We present the results of the first, deep Atacama Large Millimeter Array (ALMA) imaging covering the full ≃4.5 arcmin² of the Hubble Ultra Deep Field (HUDF) imaged with Wide Field Camera 3/IR on HST. Using a 45-pointing mosaic, we have obtained a homogeneous 1.3-mm image reaching σ_1.3 ≃ 35 μJy, at a resolution of ≃0.7 arcsec. From an initial list of ≃50 > 3.5σ peaks, a rigorous analysis confirms 16 sources with S_1.3 > 120 μJy. All of these have secure galaxy counterparts with robust redshifts (〈 z〉 = 2.15). Due to the unparalleled supporting data, the physical properties of the ALMA sources are well constrained, including their stellar masses (M*) and UV+FIR star formation rates (SFR). Our results show that stellar mass is the best predictor of SFR in the high-redshift Universe; indeed at z ≥2 our ALMA sample contains seven of the nine galaxies in the HUDF with M* ≥2 × 10¹⁰M_⊙, and we detect only one galaxy at z > 3.5, reflecting the rapid drop-off of high-mass galaxies with increasing redshift. The detections, coupled with stacking, allow us to probe the redshift/mass distribution of the 1.3-mm background down to S_1.3 ≃ 10 μJy.
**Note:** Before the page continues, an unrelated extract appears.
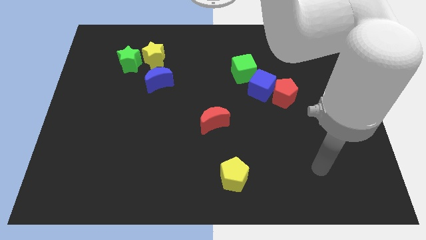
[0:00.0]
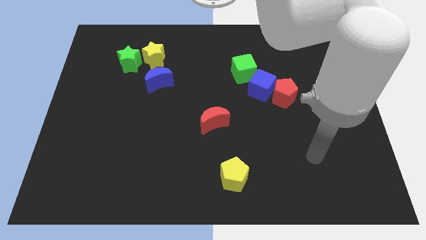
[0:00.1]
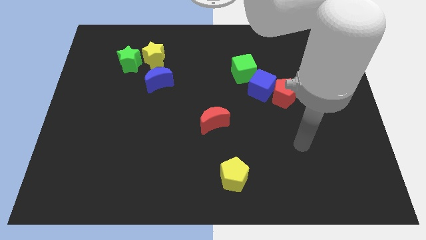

We find strong evidence for a steep star-forming 'main sequence' at z ≃ 2, with SFR ∝ M* and a mean specific SFR ≃ 2.2 Gyr^-1. Moreover, we find that ≃85 per cent of total star formation at z ≃ 2 is enshrouded in dust, with ≃65 per cent of all star formation at this epoch occurring in high-mass galaxies (M* > 2 × 10¹⁰M_⊙), for which the average obscured:unobscured SF ratio is ≃200. Finally, we revisit the cosmic evolution of SFR density; we find this peaks at z ≃ 2.5, and that the star-forming Universe transits from primarily unobscured to primarily obscured at z ≃ 4.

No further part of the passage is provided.